Data extracts
+ + + + + + +
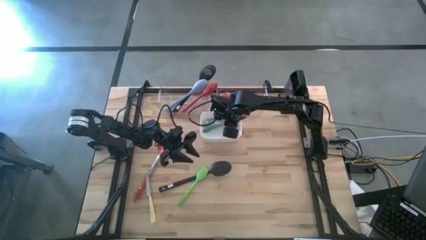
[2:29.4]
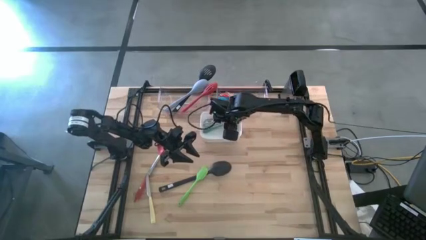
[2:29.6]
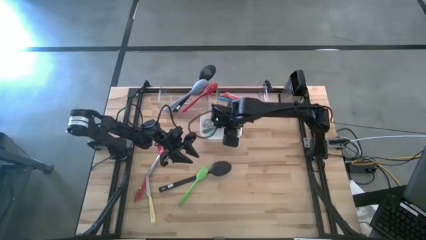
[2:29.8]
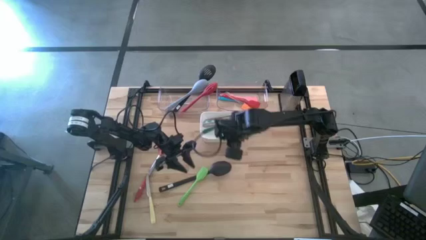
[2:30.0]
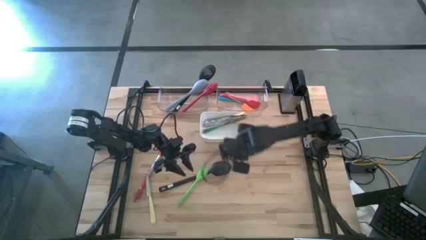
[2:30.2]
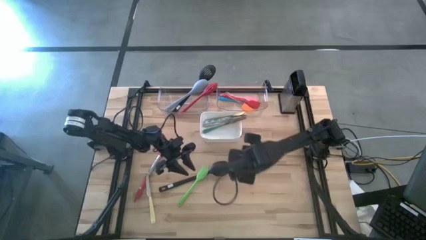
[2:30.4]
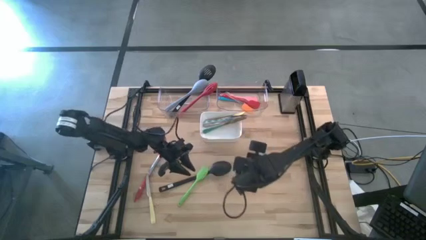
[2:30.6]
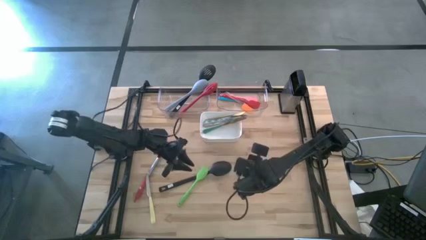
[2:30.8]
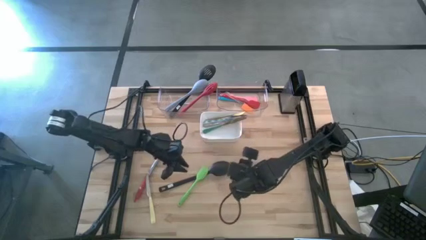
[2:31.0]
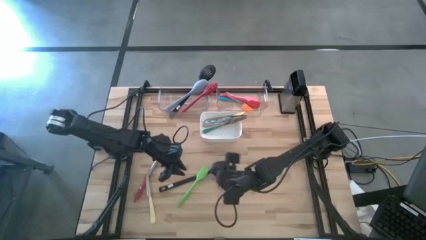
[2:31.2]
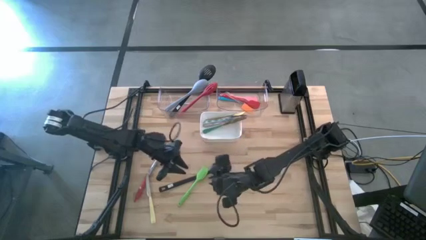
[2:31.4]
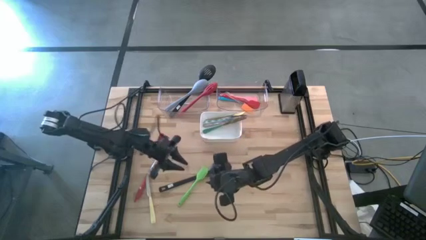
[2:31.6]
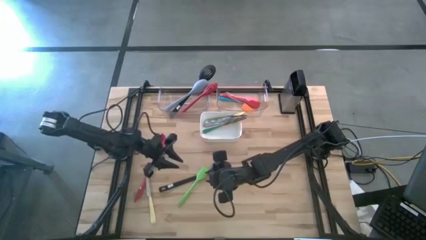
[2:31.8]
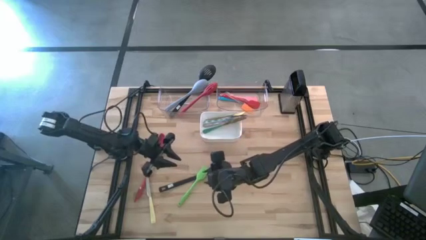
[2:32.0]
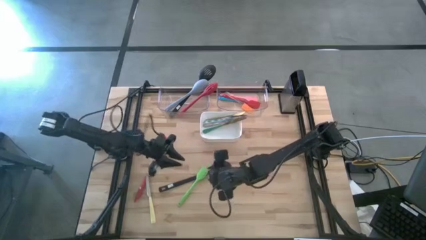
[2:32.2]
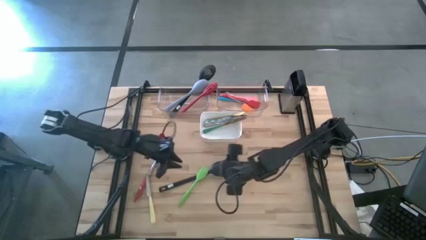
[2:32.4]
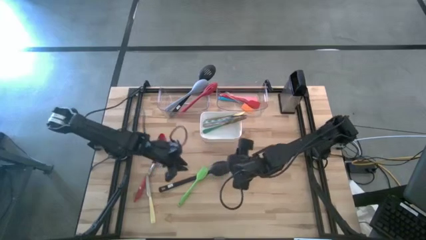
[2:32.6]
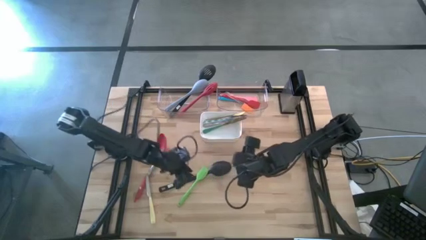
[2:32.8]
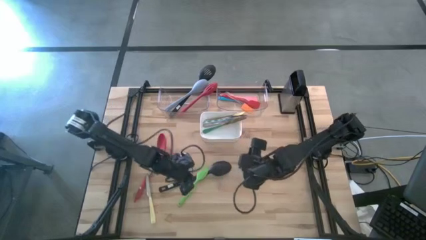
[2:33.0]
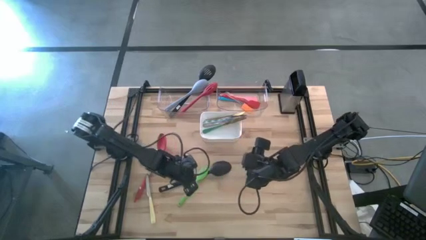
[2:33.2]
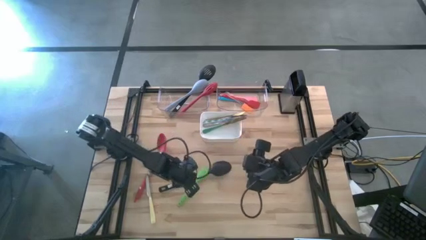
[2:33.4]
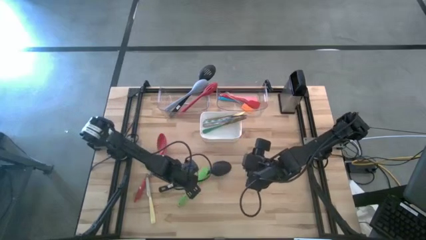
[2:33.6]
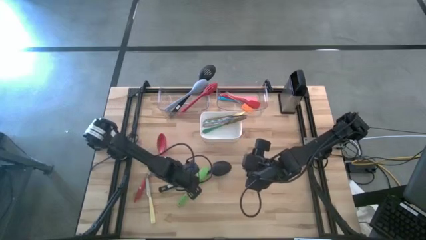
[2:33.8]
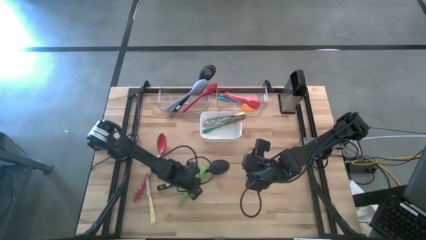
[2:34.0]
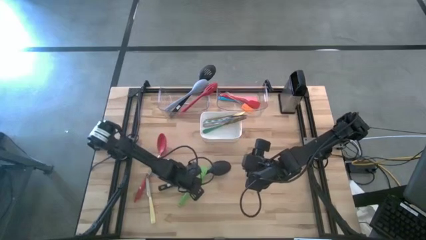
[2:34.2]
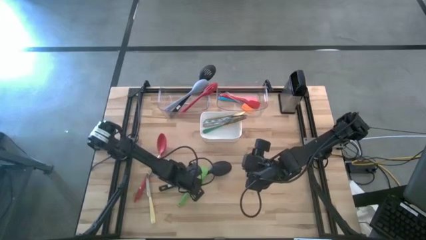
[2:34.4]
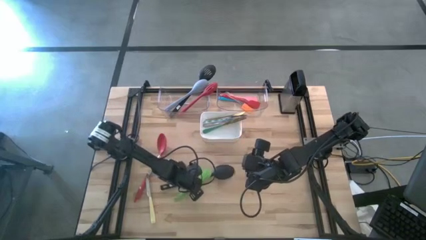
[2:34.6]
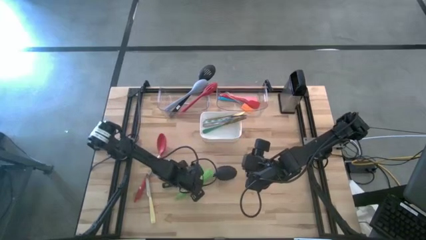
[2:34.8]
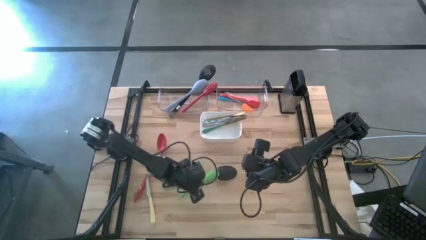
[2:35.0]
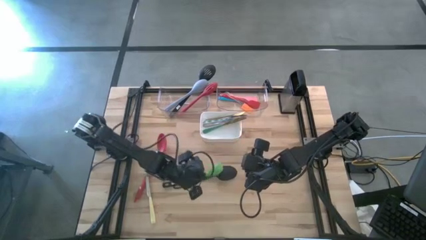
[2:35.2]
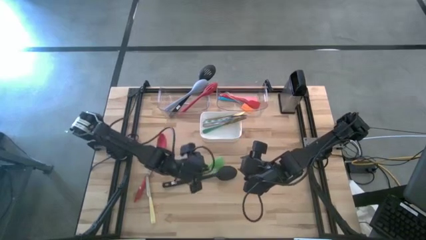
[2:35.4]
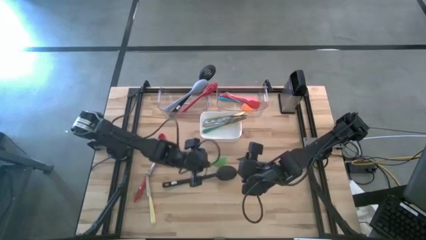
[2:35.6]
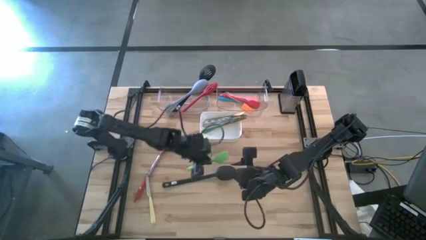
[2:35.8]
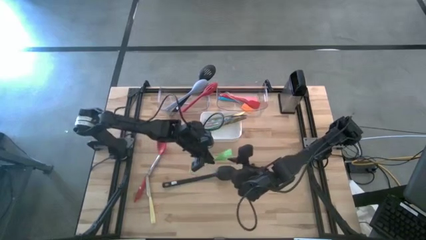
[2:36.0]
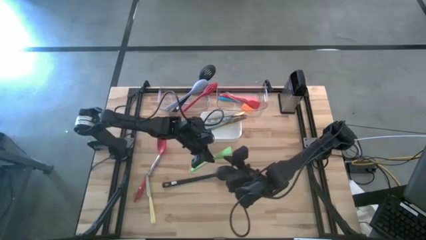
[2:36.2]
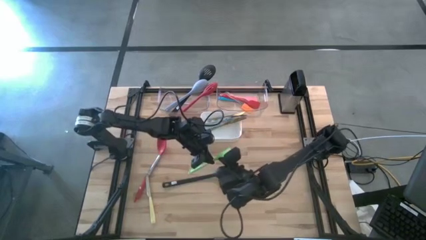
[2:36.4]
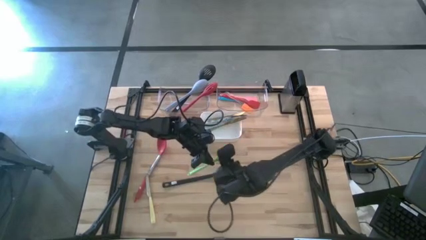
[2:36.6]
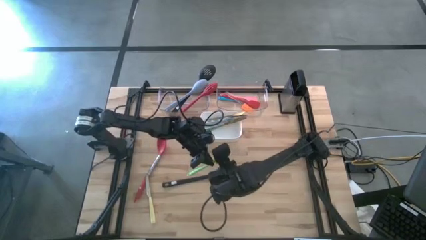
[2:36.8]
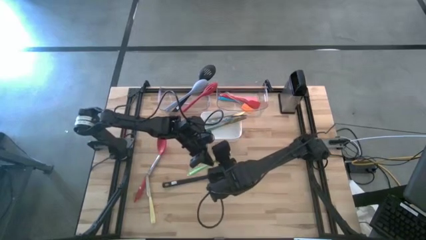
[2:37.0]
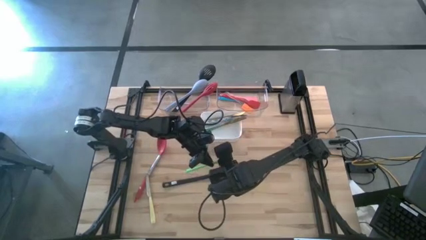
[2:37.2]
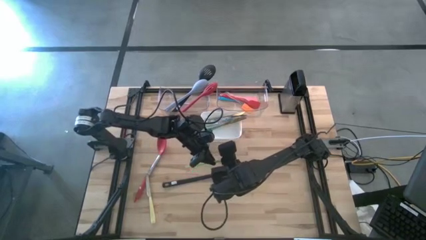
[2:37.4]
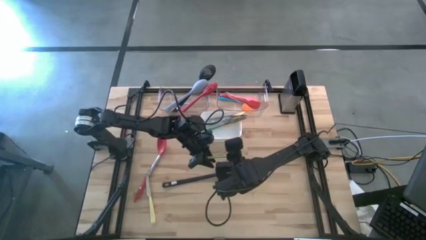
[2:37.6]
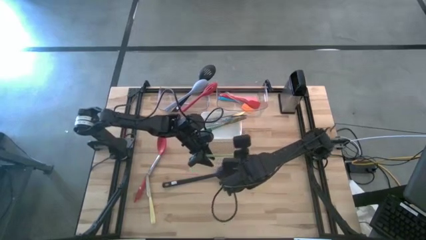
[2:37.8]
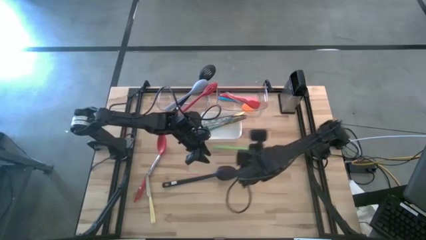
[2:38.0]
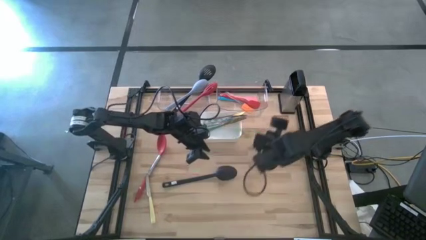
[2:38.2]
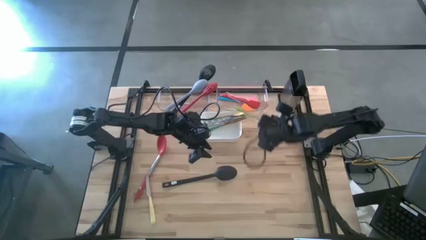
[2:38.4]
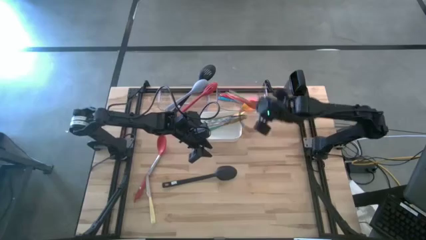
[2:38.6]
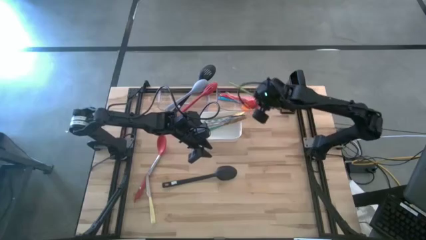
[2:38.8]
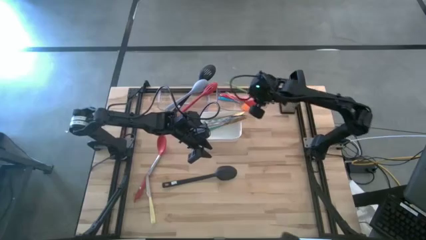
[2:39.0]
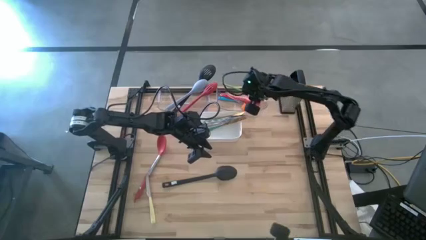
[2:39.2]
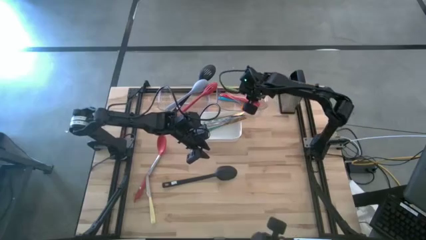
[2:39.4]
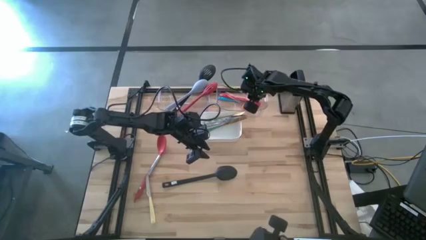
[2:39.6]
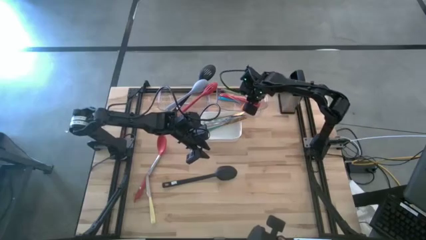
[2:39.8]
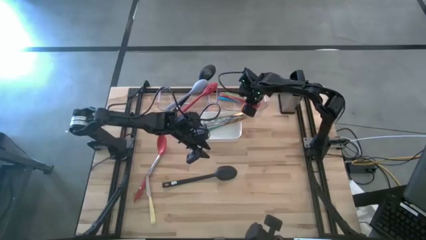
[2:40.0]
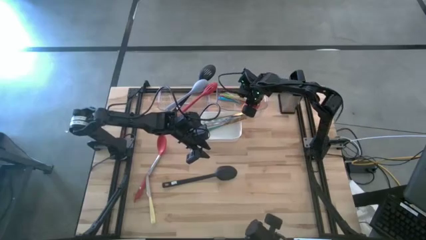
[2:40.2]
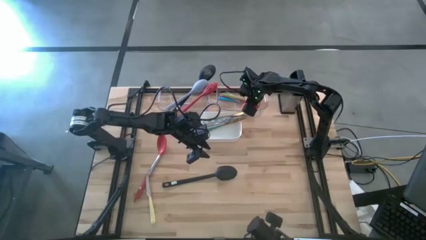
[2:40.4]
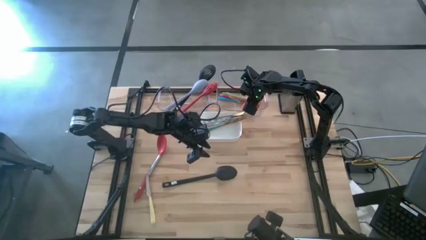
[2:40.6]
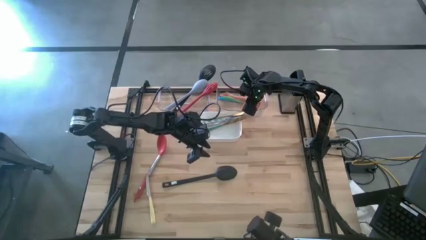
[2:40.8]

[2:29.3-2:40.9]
Task: Pick & Place Kitchen Items
Put the green spatula into the right transparent bin
+ + + + + + +
Assignment
Could you restate every record above word for word, dropping the pictures?

Answer section
[2:29.4]
[2:29.6]
[2:29.8]
[2:30.0]
[2:30.2]
[2:30.4]
[2:30.6]
[2:30.8]
[2:31.0]
[2:31.2]
[2:31.4]
[2:31.6]
[2:31.8]
[2:32.0]
[2:32.2]
[2:32.4]
[2:32.6]
[2:32.8]
[2:33.0]
[2:33.2]
[2:33.4]
[2:33.6]
[2:33.8]
[2:34.0]
[2:34.2]
[2:34.4]
[2:34.6]
[2:34.8]
[2:35.0]
[2:35.2]
[2:35.4]
[2:35.6]
[2:35.8]
[2:36.0]
[2:36.2]
[2:36.4]
[2:36.6]
[2:36.8]
[2:37.0]
[2:37.2]
[2:37.4]
[2:37.6]
[2:37.8]
[2:38.0]
[2:38.2]
[2:38.4]
[2:38.6]
[2:38.8]
[2:39.0]
[2:39.2]
[2:39.4]
[2:39.6]
[2:39.8]
[2:40.0]
[2:40.2]
[2:40.4]
[2:40.6]
[2:40.8]

[2:29.3-2:40.9]
Task: Pick & Place Kitchen Items
Put the green spatula into the right transparent bin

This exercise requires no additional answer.